Is the word of the kingdom what Jesus taught about the Kingdom of God or everything that the Scriptures teach? Would the sower be anyone who proclaims the word of the kingdom?


----------



## Contra_Mundum (May 4, 2005)

The sowing of the Word can be viewed in three stages:
1) the sower as Christ the Lord
2) the sower as his commissioned messengers, the preachers of Christ's Word
3) all declaration, even "unofficial" spreading of the Word

Christ spreads his own Word, superintending every aspect of its distribution, by means of his Spirit, though he exercises his authority from heaven, his dwelling place.

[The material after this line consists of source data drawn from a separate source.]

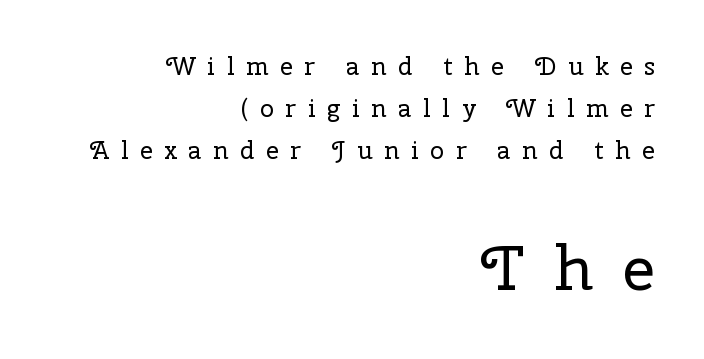
The passage shown has open, widely tracked lettering throughout. The letterforms sit at book weight or below. These lines sit exactly where default settings would place them. Reading down the block, your eye finds every line finishing at a fixed right position.
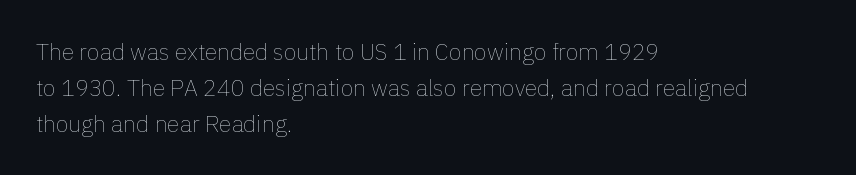
Q: Is the text bold? A: No.
Q: Is the text italic (slanted)? A: No, it is upright.
Q: Is the text underlined? A: No.
Q: How is the paragraph aligned? A: Left-aligned.
Q: Is the spacing between letters normal or unusually wide? A: Normal.
Q: Is the spacing between lines tight, normal or loose? A: Normal.
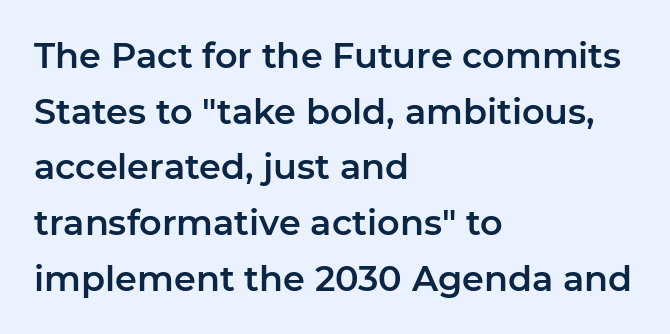
The line-height multiplier appears to be the usual default. The face used here is proportionally spaced, like ordinary book or web type. Students, note that the glyphs here touch the page at normal intervals. This sample is left-justified, so line endings fall wherever the words run out.
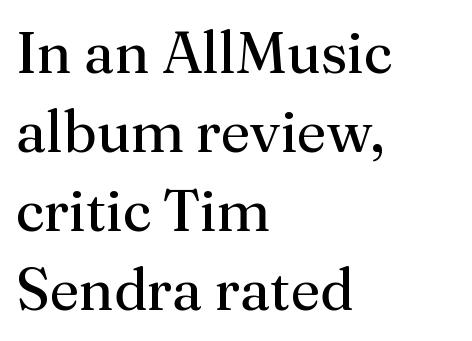
The image shows 58 px regular-weight serif type, upright; set left-aligned, normal line spacing (1.36x), normal letter spacing, not underlined; medium stroke contrast and a medium x-height.
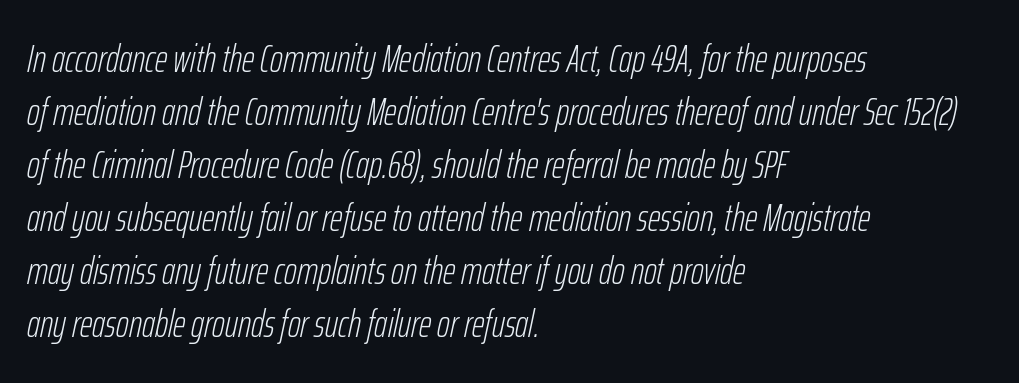
Q: Is the text bold? A: No.
Q: Is the text italic (slanted)? A: Yes, it leans right by about 12 degrees.
Q: Is the text underlined? A: No.
Q: How is the paragraph aligned? A: Left-aligned.
Q: Is the spacing between letters normal or unusually wide? A: Normal.
Q: Is the spacing between lines tight, normal or loose? A: Normal.
Q: Width (condensed, normal, or wide)? A: Condensed.
Q: Stroke contrast? A: Low.
Q: x-height? A: Medium.
Q: Monospaced? A: No.
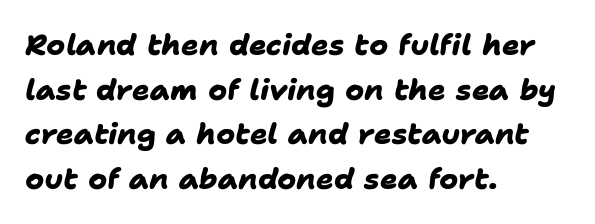
The image shows 29 px heavy sans-serif type; set left-aligned, normal line spacing (1.54x), normal letter spacing, not underlined; low stroke contrast and a medium x-height.

The preachers are his principal earthly conduits for the spreading of that Word, ever since Jesus sent out the 12, the 70, and the apostles and evangelists of the New Testament. This is the means of grace attended with the most unequivocal promises in the Bible of attendant power and effects. Preachers are supposed to have been appropriately _gifted_ for this duty.

Every kingdom citizen has a _basic_ duty of familiarity with God's Word, and its elementary application in his life. He may not be articulate in tongue, but that which he can say, and more especially live out, he has a basic obligation to do, for example, confessing "Jesus is Lord" (Rom. 10:9; 1 Cor. 12:3).


----------